Artificial Intelligence is the most talked-about topic, ensuing massive speculation on whether robots will rule the roost. A contemplation on the present scheme of things and of the days to come as this stream of science goes about redefining the relationship between humans and technology...
Artificial Intelligence (AI) is an unavoidable topic today triggering an ongoing media frenzy of coverage and the ensuing public concern that current jobs will be overtaken by robots. Taking a step back, it is useful to identify the AI becoming widespread today versus the AI of tomorrow and recognize the practical business and societal problems it solves.
Artificial Narrow Intelligence (also known as ANI or Weak AI) refers to systems programmed to do a single task, whether it’s playing chess, identifying early stages of a disease on an MRI scan or autonomously driving through an environment. While these tasks differ significantly in complexity and in advancements of AI techniques, they still fall under specific operational domains.

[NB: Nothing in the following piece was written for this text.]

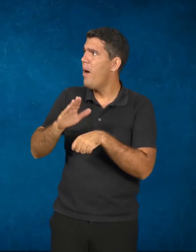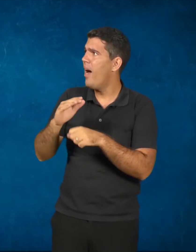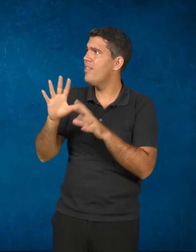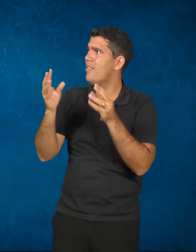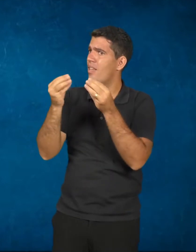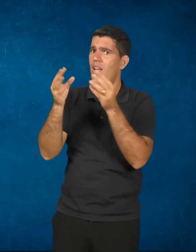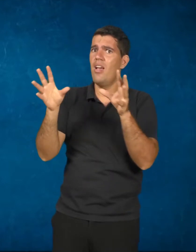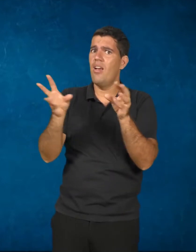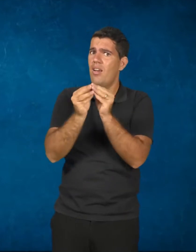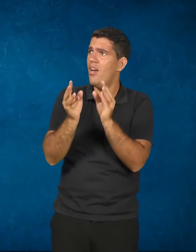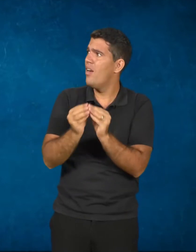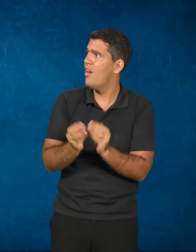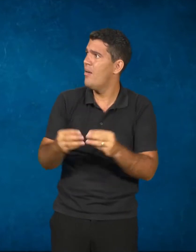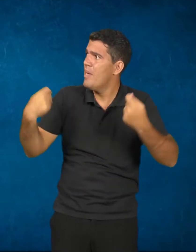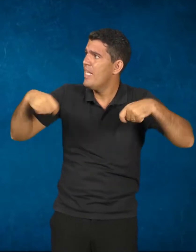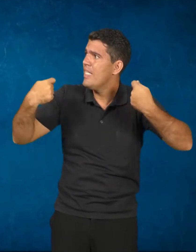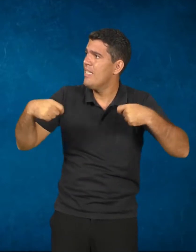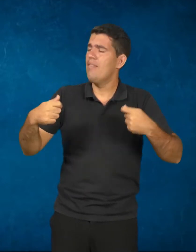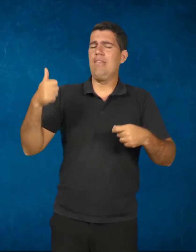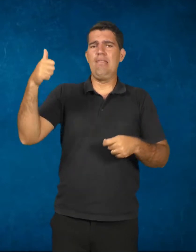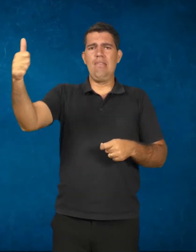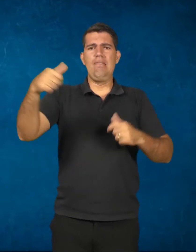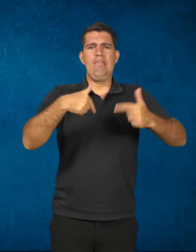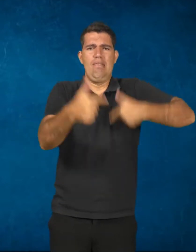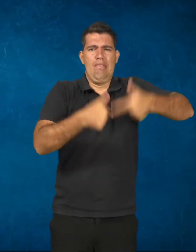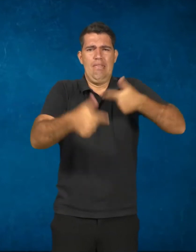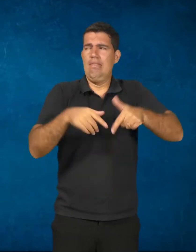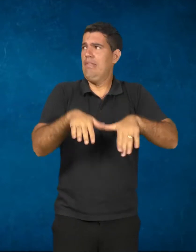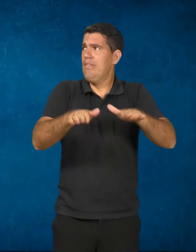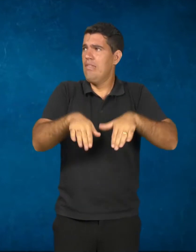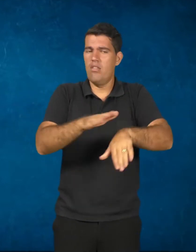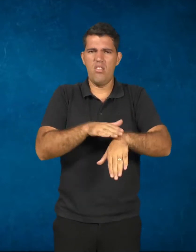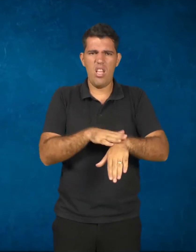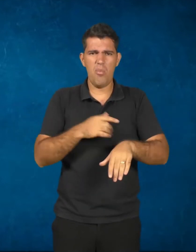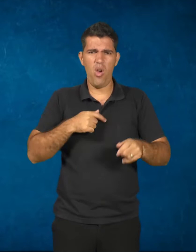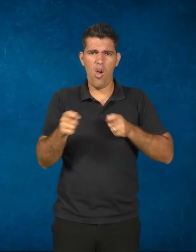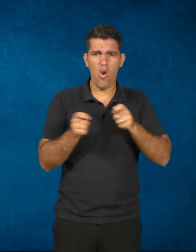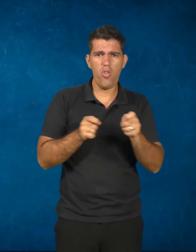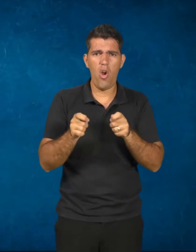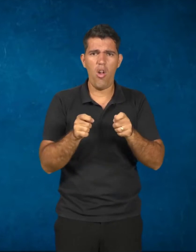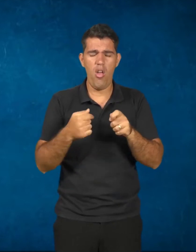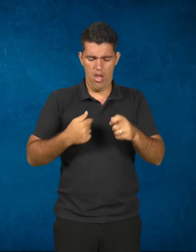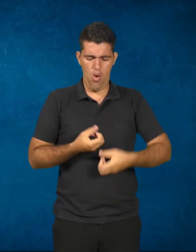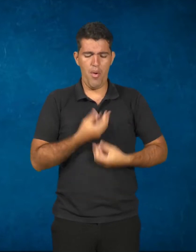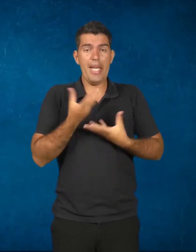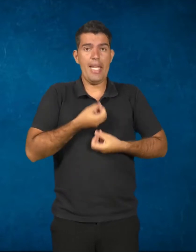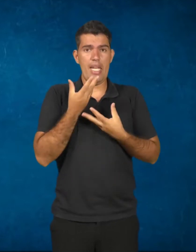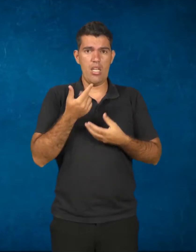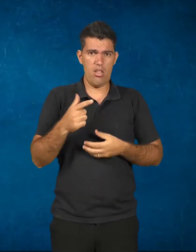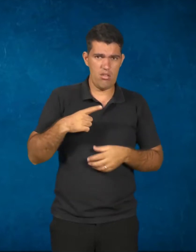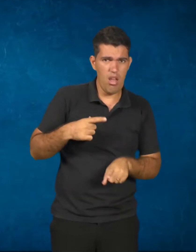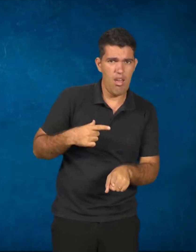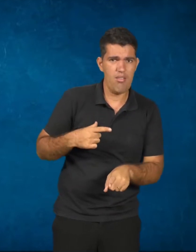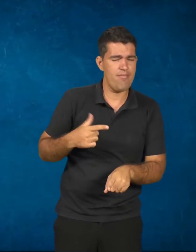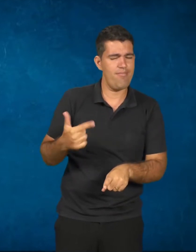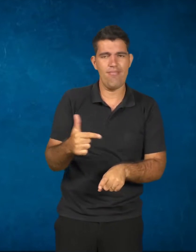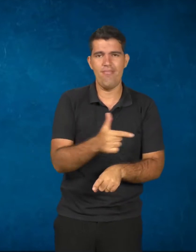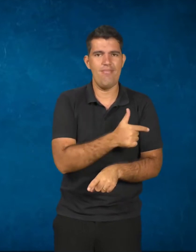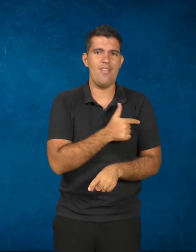mais. Então, ela não gerencia o seu próprio tempo, não cria, e tem uma maior
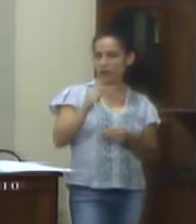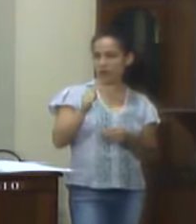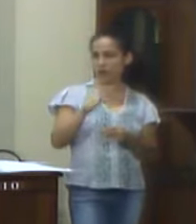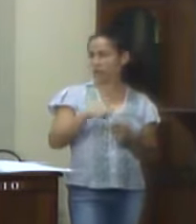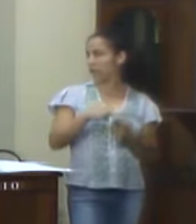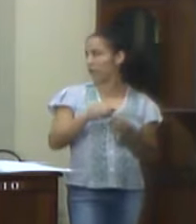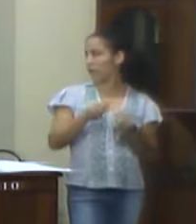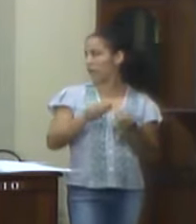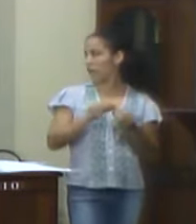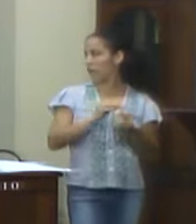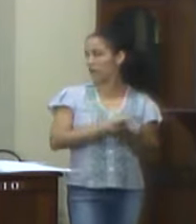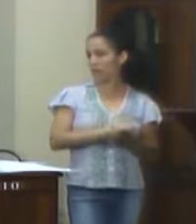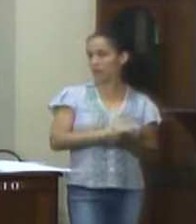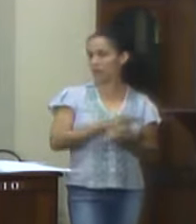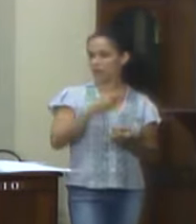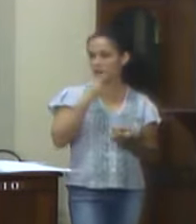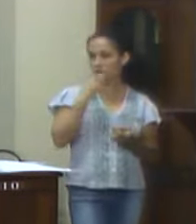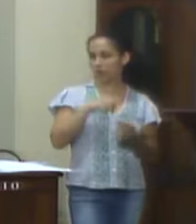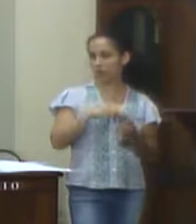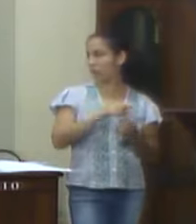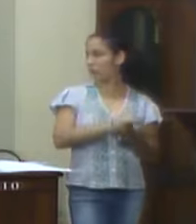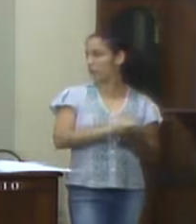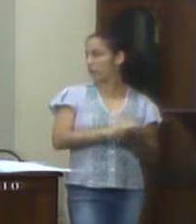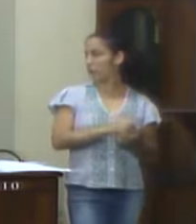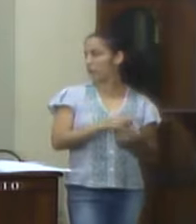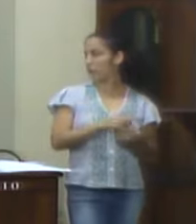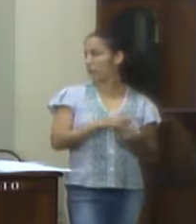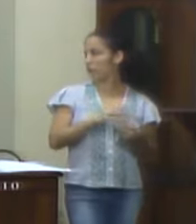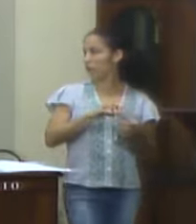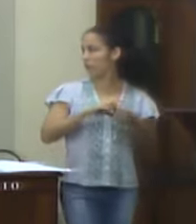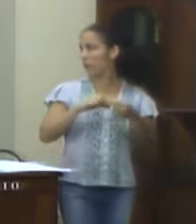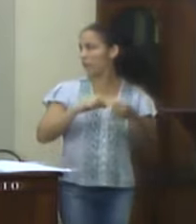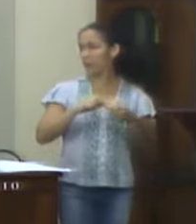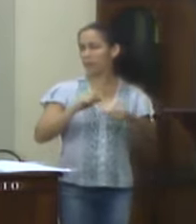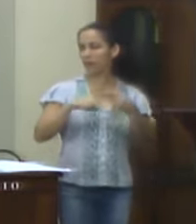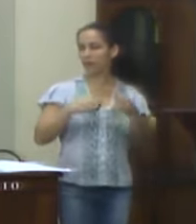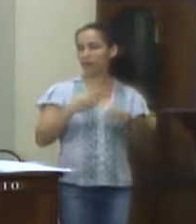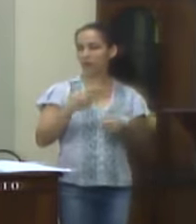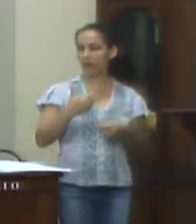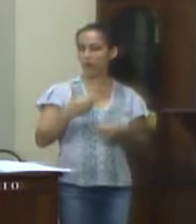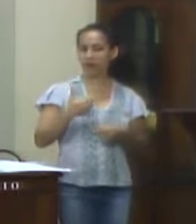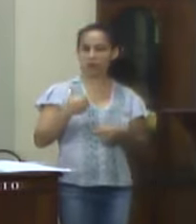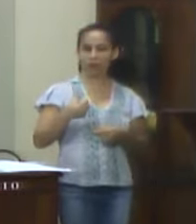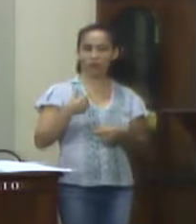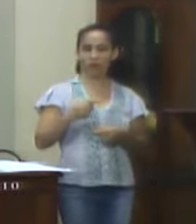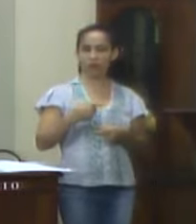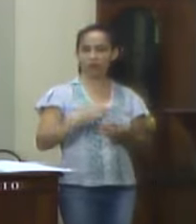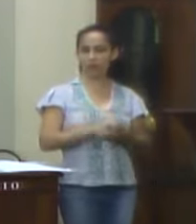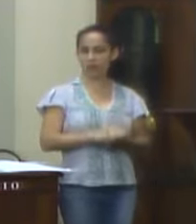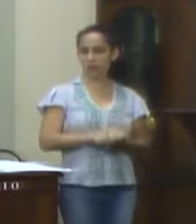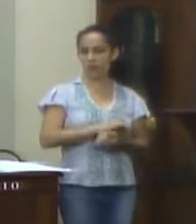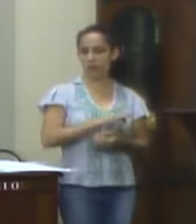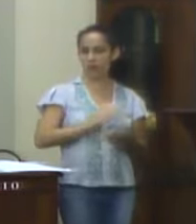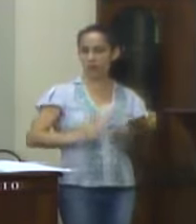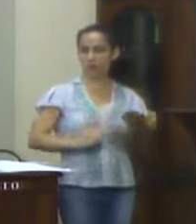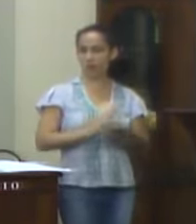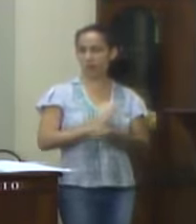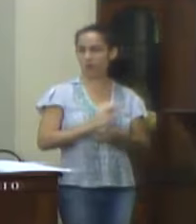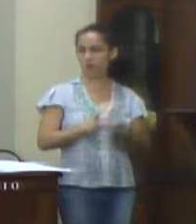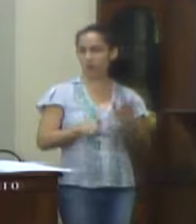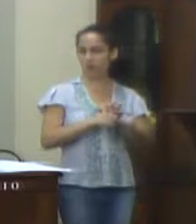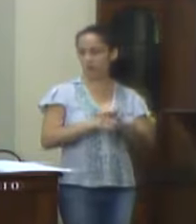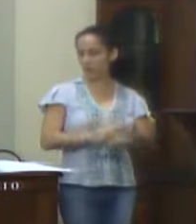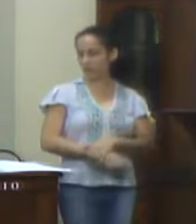artigo 165 da Constituição Federal, combinado com o artigo 167, inciso 1. Se aprovada esta lei,

Artificial General Intelligence (AGI or Strong AI) is the machine equivalent of human intelligence where the AI is conscious, sentient and has emotions; this is typically the popular sci-fi representation of AI such as is in Ex-Machina, Her, iRobot and Westworld. There are more speculative levels of AI such as Artificial Super Intelligence, where the robot could outperform human intelligence in multiple domains and tasks, such as autonomously driving to a hospital to detect a patient’s disease and later defeat a human in chess.
Although AI research has progressed immensely in the last few years, there will likely be some time before there is an AGI breakthrough; AI researchers speculate it could happen in 10 years or take over 100 years.
AI Replaces Tasks, not Work
There is substantial misconception about automation and AI replacing a job’s task versus the job itself. As we know with ANI, a single task can be automated but people underestimate how many different and constantly changing tasks a typical worker experiences. McKinsey estimates that less then 5 percent of jobs consist of activities that are 100 percent automatable. The recurring theme is that increasing productivity through automating certain monotonous tasks creates net new jobs. For example, IDC forecasts that by 2023, 25 percent of leading retailers will have explored or deployed in-store robots to relieve human workers from repetitive tasks, thus increasing worker productivity by 40 percent. There will likely be some job displacement, but this can be solved by reskilling and upskilling programs improved by using innovative training tools such as augmented reality.
AI in Practice is Saving Lives Today
Advancements in complementary technologies such as cloud computing, sensors and processors is propelling AI research across industries unlocking use cases and solving problems once thought unsurmountable. Like most pieces of emerging technologies, the goal of AI is to solve actual challenges plaguing industries such as healthcare.
In the healthcare industry, there is a global shortage of medical personnel and, even in developed countries such as the US, there is estimated to be a shortage of up to 120,000 physicians by 2030.
Through emerging deep learning techniques based on artificial neural networks, AI can scale doctors’ expertise to mitigate this skills gap as well as be a complementary tool to time-constrained medical professionals.
A deep-learning computer vision model called DeepGestalt was able to identify more than 215 genetic syndromes at 91 percent accuracy through its facial analysis framework. UC San Diego researchers used AI to analyze structured (health records, test results) and unstructured (hand-written notes) paediatric patient data to diagnose sinus infections at 95 percent accuracy, acute asthma with 97 percent accuracy, and mononucleosis at 90 percent accuracy.
AI saving lives does not take medical professionals out of the picture; Microsoft’s Healthcare Bot service is designed to streamline more straightforward customer service questions while only the complex issues reach a human counterpart, which optimizes time and improves interactions with patients.
There are several other AI applications across industries not directly saving lives, but still improving our safety. Striving to save lives in a different sense (94 percent of crashes are due to human error according to the National Highway Traffic Safety Administration (NHTSA), ANSYS is using simulation to train autonomous vehicles through virtual driving scenarios, which improves its self-driving AI algorithms without jeopardizing human safety. Rockwell Automation’s Project Sherlock is creating a safer environment and enabling operational efficiencies through an AI module reducing false-positive alarms for boiler, pumps and chillers in industrial settings.